### Information
★ ★ ★ ★ ★

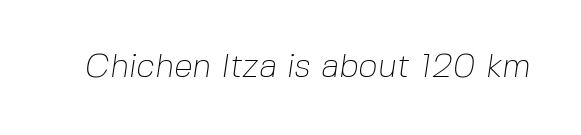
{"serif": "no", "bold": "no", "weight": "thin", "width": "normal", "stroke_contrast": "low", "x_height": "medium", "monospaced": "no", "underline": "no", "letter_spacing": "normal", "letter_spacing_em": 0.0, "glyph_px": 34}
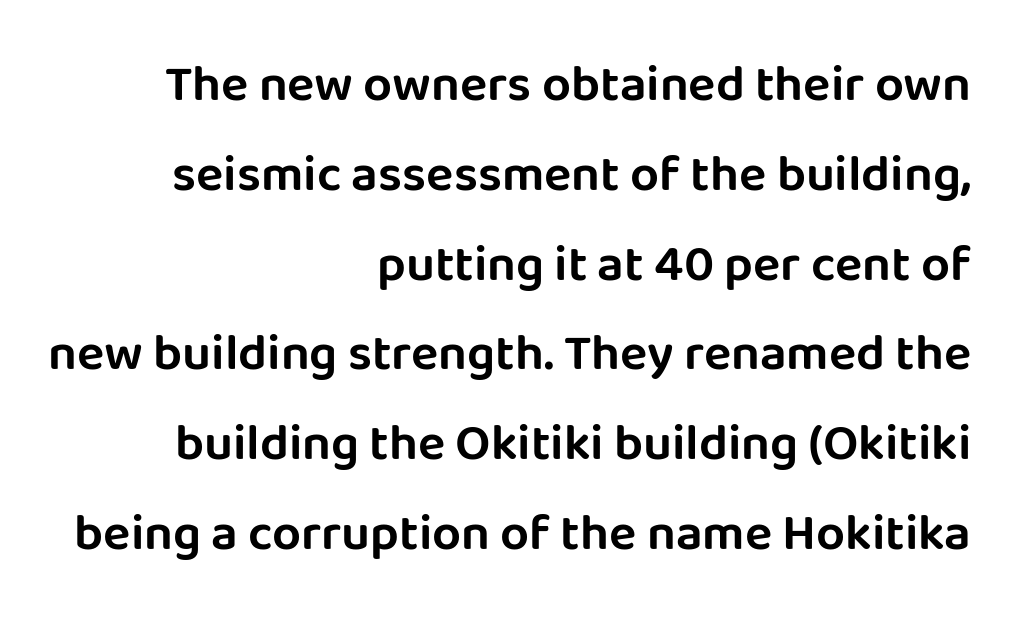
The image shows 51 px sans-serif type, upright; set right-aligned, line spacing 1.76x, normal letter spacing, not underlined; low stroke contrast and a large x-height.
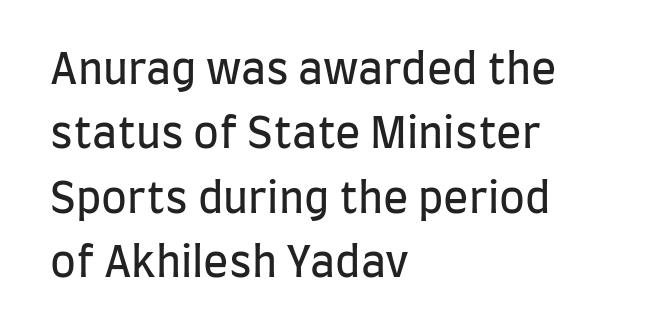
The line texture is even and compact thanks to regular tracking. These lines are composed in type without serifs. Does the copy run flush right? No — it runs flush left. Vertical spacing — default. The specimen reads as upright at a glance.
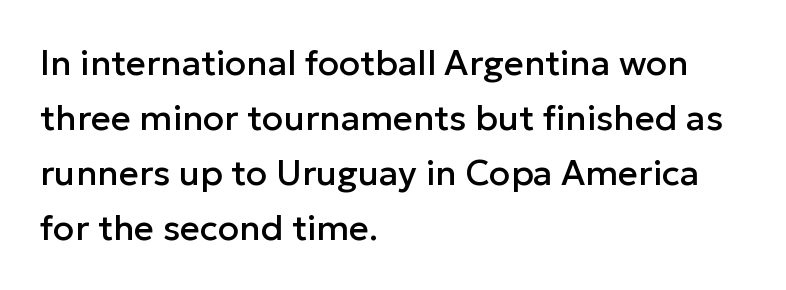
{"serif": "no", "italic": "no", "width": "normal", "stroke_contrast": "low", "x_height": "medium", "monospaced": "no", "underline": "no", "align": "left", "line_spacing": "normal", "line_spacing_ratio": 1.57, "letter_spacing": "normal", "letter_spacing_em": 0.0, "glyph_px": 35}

★ ★ ★ ★ ★

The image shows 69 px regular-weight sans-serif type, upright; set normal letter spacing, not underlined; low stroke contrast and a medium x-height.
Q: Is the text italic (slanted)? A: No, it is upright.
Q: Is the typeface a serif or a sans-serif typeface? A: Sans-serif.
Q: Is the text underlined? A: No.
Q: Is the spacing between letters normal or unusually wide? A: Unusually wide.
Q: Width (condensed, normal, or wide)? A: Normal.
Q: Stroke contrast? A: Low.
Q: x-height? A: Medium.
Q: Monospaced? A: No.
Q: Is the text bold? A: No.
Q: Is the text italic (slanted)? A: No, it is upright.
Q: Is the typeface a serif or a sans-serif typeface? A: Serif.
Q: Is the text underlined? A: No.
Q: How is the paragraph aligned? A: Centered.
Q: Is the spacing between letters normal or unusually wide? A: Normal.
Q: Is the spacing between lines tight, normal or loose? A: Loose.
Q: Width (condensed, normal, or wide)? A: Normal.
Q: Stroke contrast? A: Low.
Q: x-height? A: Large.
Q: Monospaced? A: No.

★ ★ ★ ★ ★

### Your task
Wherever the string "aligned" appears in the entries, copy that line.

### Task response
The image shows 51 px sans-serif type, upright; set right-aligned, line spacing 1.76x, normal letter spacing, not underlined; low stroke contrast and a large x-height.
Q: How is the paragraph aligned? A: Centered.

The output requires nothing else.